◆ **Data extract**:
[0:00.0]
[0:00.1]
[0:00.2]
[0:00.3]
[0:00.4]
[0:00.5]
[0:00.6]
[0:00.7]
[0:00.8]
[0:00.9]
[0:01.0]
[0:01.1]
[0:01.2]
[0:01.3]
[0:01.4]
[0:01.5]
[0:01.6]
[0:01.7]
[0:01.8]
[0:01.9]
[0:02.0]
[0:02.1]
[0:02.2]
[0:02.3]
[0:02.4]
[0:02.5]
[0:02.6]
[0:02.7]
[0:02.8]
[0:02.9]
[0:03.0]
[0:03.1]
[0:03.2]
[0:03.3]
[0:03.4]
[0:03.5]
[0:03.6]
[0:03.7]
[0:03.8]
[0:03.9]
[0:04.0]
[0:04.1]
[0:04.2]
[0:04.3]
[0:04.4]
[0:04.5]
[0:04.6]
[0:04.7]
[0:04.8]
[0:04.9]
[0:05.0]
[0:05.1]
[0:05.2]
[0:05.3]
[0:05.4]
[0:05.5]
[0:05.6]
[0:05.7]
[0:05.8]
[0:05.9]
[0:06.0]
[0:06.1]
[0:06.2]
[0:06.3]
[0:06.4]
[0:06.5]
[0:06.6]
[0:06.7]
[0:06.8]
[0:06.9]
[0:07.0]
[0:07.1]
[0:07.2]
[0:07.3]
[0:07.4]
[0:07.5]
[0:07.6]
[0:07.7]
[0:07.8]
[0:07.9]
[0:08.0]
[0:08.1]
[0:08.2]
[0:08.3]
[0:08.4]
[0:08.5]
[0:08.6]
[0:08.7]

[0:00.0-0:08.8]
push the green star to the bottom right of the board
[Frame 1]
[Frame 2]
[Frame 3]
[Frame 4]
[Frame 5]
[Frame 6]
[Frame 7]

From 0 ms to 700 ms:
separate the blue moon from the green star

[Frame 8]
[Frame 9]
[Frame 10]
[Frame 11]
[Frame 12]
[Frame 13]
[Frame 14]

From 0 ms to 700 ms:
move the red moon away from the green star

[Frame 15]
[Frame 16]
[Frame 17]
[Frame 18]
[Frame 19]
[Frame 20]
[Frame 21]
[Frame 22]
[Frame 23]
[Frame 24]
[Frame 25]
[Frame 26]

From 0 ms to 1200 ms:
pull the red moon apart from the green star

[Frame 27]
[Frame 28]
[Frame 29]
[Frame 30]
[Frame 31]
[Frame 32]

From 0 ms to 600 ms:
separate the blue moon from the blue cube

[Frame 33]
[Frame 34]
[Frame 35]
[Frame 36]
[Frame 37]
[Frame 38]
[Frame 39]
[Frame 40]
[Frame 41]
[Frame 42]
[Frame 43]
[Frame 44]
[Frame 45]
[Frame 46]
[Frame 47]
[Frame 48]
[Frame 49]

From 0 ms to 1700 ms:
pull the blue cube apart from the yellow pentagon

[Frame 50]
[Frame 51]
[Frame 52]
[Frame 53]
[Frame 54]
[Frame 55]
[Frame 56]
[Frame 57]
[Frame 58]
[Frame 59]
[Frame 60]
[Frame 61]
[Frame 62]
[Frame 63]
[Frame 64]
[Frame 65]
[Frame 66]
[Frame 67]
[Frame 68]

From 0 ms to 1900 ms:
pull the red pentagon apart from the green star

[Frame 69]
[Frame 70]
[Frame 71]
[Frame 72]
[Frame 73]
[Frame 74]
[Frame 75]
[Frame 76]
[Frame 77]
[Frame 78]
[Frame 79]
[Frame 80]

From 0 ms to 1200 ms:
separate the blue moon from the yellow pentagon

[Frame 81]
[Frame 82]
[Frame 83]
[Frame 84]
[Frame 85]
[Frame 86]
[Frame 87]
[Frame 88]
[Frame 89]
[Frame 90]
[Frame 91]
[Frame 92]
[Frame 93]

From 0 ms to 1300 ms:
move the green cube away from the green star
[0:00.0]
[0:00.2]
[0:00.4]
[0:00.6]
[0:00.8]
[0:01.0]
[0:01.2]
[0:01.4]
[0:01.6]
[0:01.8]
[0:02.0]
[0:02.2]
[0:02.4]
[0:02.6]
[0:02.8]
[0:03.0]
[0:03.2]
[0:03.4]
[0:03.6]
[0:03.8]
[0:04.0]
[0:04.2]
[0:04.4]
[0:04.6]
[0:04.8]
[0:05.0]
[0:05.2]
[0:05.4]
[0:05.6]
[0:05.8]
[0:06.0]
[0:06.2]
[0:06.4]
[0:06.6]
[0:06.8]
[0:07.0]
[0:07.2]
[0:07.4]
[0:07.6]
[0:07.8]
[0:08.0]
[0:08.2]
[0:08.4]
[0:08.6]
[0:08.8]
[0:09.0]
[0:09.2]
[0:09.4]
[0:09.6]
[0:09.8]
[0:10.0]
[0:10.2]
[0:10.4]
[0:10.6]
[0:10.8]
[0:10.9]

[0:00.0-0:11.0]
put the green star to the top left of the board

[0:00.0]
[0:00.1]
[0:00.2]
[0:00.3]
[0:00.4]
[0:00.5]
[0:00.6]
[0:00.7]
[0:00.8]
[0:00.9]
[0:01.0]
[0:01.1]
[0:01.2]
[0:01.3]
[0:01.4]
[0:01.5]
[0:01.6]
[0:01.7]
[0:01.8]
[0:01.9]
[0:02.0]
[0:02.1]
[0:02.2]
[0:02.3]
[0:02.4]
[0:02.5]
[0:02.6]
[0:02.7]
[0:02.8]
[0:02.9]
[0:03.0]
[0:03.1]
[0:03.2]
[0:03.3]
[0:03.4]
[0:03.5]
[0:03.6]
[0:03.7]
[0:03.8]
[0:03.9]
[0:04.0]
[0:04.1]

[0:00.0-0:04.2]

◆ **Required action**:
Please output each entry above exactly, leaving nothing out.

◆ **Output**:
[0:00.0]
[0:00.1]
[0:00.2]
[0:00.3]
[0:00.4]
[0:00.5]
[0:00.6]
[0:00.7]
[0:00.8]
[0:00.9]
[0:01.0]
[0:01.1]
[0:01.2]
[0:01.3]
[0:01.4]
[0:01.5]
[0:01.6]
[0:01.7]
[0:01.8]
[0:01.9]
[0:02.0]
[0:02.1]
[0:02.2]
[0:02.3]
[0:02.4]
[0:02.5]
[0:02.6]
[0:02.7]
[0:02.8]
[0:02.9]
[0:03.0]
[0:03.1]
[0:03.2]
[0:03.3]
[0:03.4]
[0:03.5]
[0:03.6]
[0:03.7]
[0:03.8]
[0:03.9]
[0:04.0]
[0:04.1]
[0:04.2]
[0:04.3]
[0:04.4]
[0:04.5]
[0:04.6]
[0:04.7]
[0:04.8]
[0:04.9]
[0:05.0]
[0:05.1]
[0:05.2]
[0:05.3]
[0:05.4]
[0:05.5]
[0:05.6]
[0:05.7]
[0:05.8]
[0:05.9]
[0:06.0]
[0:06.1]
[0:06.2]
[0:06.3]
[0:06.4]
[0:06.5]
[0:06.6]
[0:06.7]
[0:06.8]
[0:06.9]
[0:07.0]
[0:07.1]
[0:07.2]
[0:07.3]
[0:07.4]
[0:07.5]
[0:07.6]
[0:07.7]
[0:07.8]
[0:07.9]
[0:08.0]
[0:08.1]
[0:08.2]
[0:08.3]
[0:08.4]
[0:08.5]
[0:08.6]
[0:08.7]

[0:00.0-0:08.8]
push the green star to the bottom right of the board
[Frame 1]
[Frame 2]
[Frame 3]
[Frame 4]
[Frame 5]
[Frame 6]
[Frame 7]

From 0 ms to 700 ms:
separate the blue moon from the green star

[Frame 8]
[Frame 9]
[Frame 10]
[Frame 11]
[Frame 12]
[Frame 13]
[Frame 14]

From 0 ms to 700 ms:
move the red moon away from the green star

[Frame 15]
[Frame 16]
[Frame 17]
[Frame 18]
[Frame 19]
[Frame 20]
[Frame 21]
[Frame 22]
[Frame 23]
[Frame 24]
[Frame 25]
[Frame 26]

From 0 ms to 1200 ms:
pull the red moon apart from the green star

[Frame 27]
[Frame 28]
[Frame 29]
[Frame 30]
[Frame 31]
[Frame 32]

From 0 ms to 600 ms:
separate the blue moon from the blue cube

[Frame 33]
[Frame 34]
[Frame 35]
[Frame 36]
[Frame 37]
[Frame 38]
[Frame 39]
[Frame 40]
[Frame 41]
[Frame 42]
[Frame 43]
[Frame 44]
[Frame 45]
[Frame 46]
[Frame 47]
[Frame 48]
[Frame 49]

From 0 ms to 1700 ms:
pull the blue cube apart from the yellow pentagon

[Frame 50]
[Frame 51]
[Frame 52]
[Frame 53]
[Frame 54]
[Frame 55]
[Frame 56]
[Frame 57]
[Frame 58]
[Frame 59]
[Frame 60]
[Frame 61]
[Frame 62]
[Frame 63]
[Frame 64]
[Frame 65]
[Frame 66]
[Frame 67]
[Frame 68]

From 0 ms to 1900 ms:
pull the red pentagon apart from the green star

[Frame 69]
[Frame 70]
[Frame 71]
[Frame 72]
[Frame 73]
[Frame 74]
[Frame 75]
[Frame 76]
[Frame 77]
[Frame 78]
[Frame 79]
[Frame 80]

From 0 ms to 1200 ms:
separate the blue moon from the yellow pentagon

[Frame 81]
[Frame 82]
[Frame 83]
[Frame 84]
[Frame 85]
[Frame 86]
[Frame 87]
[Frame 88]
[Frame 89]
[Frame 90]
[Frame 91]
[Frame 92]
[Frame 93]

From 0 ms to 1300 ms:
move the green cube away from the green star
[0:00.0]
[0:00.2]
[0:00.4]
[0:00.6]
[0:00.8]
[0:01.0]
[0:01.2]
[0:01.4]
[0:01.6]
[0:01.8]
[0:02.0]
[0:02.2]
[0:02.4]
[0:02.6]
[0:02.8]
[0:03.0]
[0:03.2]
[0:03.4]
[0:03.6]
[0:03.8]
[0:04.0]
[0:04.2]
[0:04.4]
[0:04.6]
[0:04.8]
[0:05.0]
[0:05.2]
[0:05.4]
[0:05.6]
[0:05.8]
[0:06.0]
[0:06.2]
[0:06.4]
[0:06.6]
[0:06.8]
[0:07.0]
[0:07.2]
[0:07.4]
[0:07.6]
[0:07.8]
[0:08.0]
[0:08.2]
[0:08.4]
[0:08.6]
[0:08.8]
[0:09.0]
[0:09.2]
[0:09.4]
[0:09.6]
[0:09.8]
[0:10.0]
[0:10.2]
[0:10.4]
[0:10.6]
[0:10.8]
[0:10.9]

[0:00.0-0:11.0]
put the green star to the top left of the board

[0:00.0]
[0:00.1]
[0:00.2]
[0:00.3]
[0:00.4]
[0:00.5]
[0:00.6]
[0:00.7]
[0:00.8]
[0:00.9]
[0:01.0]
[0:01.1]
[0:01.2]
[0:01.3]
[0:01.4]
[0:01.5]
[0:01.6]
[0:01.7]
[0:01.8]
[0:01.9]
[0:02.0]
[0:02.1]
[0:02.2]
[0:02.3]
[0:02.4]
[0:02.5]
[0:02.6]
[0:02.7]
[0:02.8]
[0:02.9]
[0:03.0]
[0:03.1]
[0:03.2]
[0:03.3]
[0:03.4]
[0:03.5]
[0:03.6]
[0:03.7]
[0:03.8]
[0:03.9]
[0:04.0]
[0:04.1]

[0:00.0-0:04.2]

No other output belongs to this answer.